When I reflect on who it is you are, I tend to see my past mistakes,
I think of bruises, I picture scars, I feel somewhat incomplete.
I realize- my moments of self-doubting, and believing I’m the reason for existence; this idea of God… is just far-fetched- that it’s in this lack of faith you chose to meet me.
In the burden of my self-destructive outlets, you stayed near, you made a spot within the gaping hole of this thing we call a heart, which tends to do just about everything except lend glory unto you; as broken as it is you still made room.
You formed its shape; you built its walls, put all necessary framework in its proper place, and at its center put a chair in which you sat in wait,
it took forever and half, until that moment when you drew the blinds over my selfish visions, and let my dreams of flashing lights grow slightly dim,
and when the noise had finally settled that’s when I saw you sitting in that chair, patiently waiting where you had for twenty years, and I asked you if the voice that I heard calling was from you, and in a tone I can’t forget, you said, “it’s always been”.
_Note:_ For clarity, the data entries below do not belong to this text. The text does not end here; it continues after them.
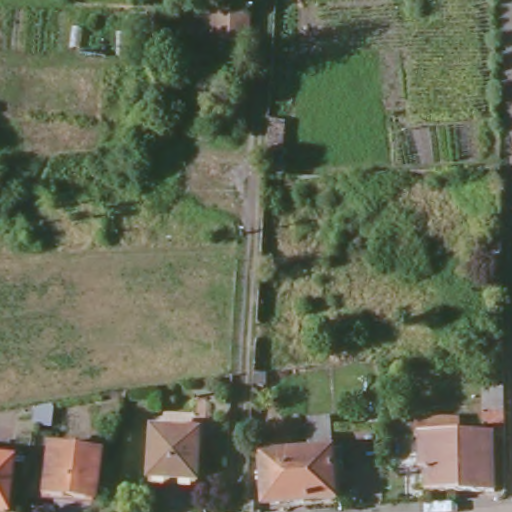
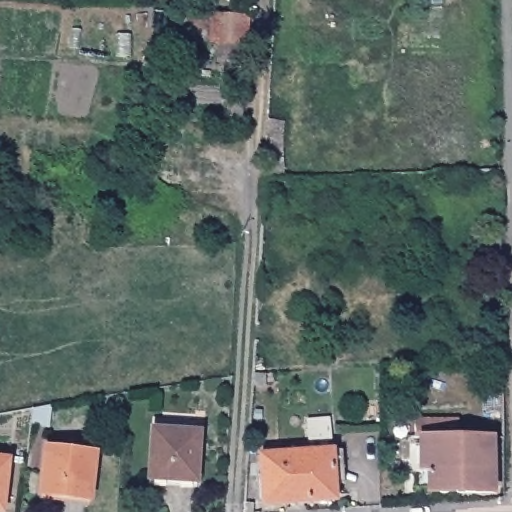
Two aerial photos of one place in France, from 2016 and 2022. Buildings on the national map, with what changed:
unchanged [(200,11),(199,32),(181,31),(182,11),(200,11)]
unchanged [(252,14),(251,28),(240,36),(211,35),(212,12),(252,14)]
unchanged [(247,76),(246,92),(219,90),(220,74),(247,76)]
unchanged [(283,426),(282,436),(264,436),(264,442),(249,442),(251,416),(253,374),(267,375),(264,416),(273,416),(272,425),(283,426)]
unchanged [(463,418),(463,435),(496,436),(495,491),(431,490),(431,436),(418,435),(419,417),(463,418)]
unchanged [(334,449),(338,498),(267,502),(264,453),(310,450),(309,422),(332,420),(334,449)]
unchanged [(207,431),(202,481),(152,477),(156,426),(207,431)]
unchanged [(99,449),(94,495),(45,491),(50,444),(99,449)]
unchanged [(10,457),(5,506),(0,506),(0,456),(10,457)]
unchanged [(257,512),(245,512),(247,475),(260,476),(257,512)]

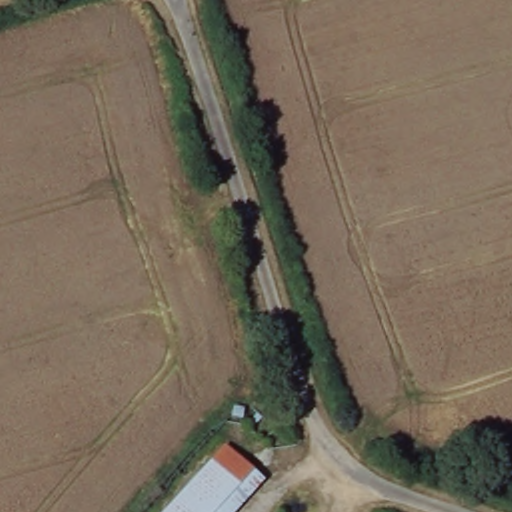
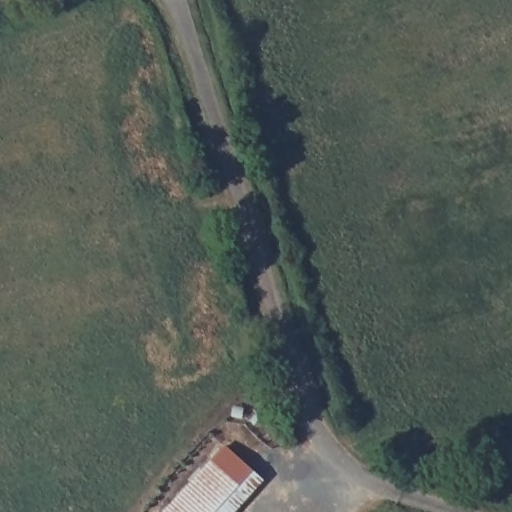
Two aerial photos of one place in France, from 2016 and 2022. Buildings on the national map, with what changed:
unchanged [(246,468),(207,512),(159,512),(219,443),(246,468)]
unchanged [(261,482),(230,512),(207,512),(246,468),(261,482)]

Faithfulness. The problem is my eyes are too on me, constantly find myself looking down, staring towards the ground as if I’ll find the answers.
As if I’ll have success by paving paths myself and doing life my way, and thinking I’ll do better if I let you stay in your lane.
When I think back, on who I was throughout that time, I imagine God with a big smile and hopefully a laugh- knowing that, in three years’ time, he would claim me as a son, that he would soon call me his own, that despite my nervous running, and my comfort in the “world” he would show me that my acts of rebellion were just attempts at finding space inside his home.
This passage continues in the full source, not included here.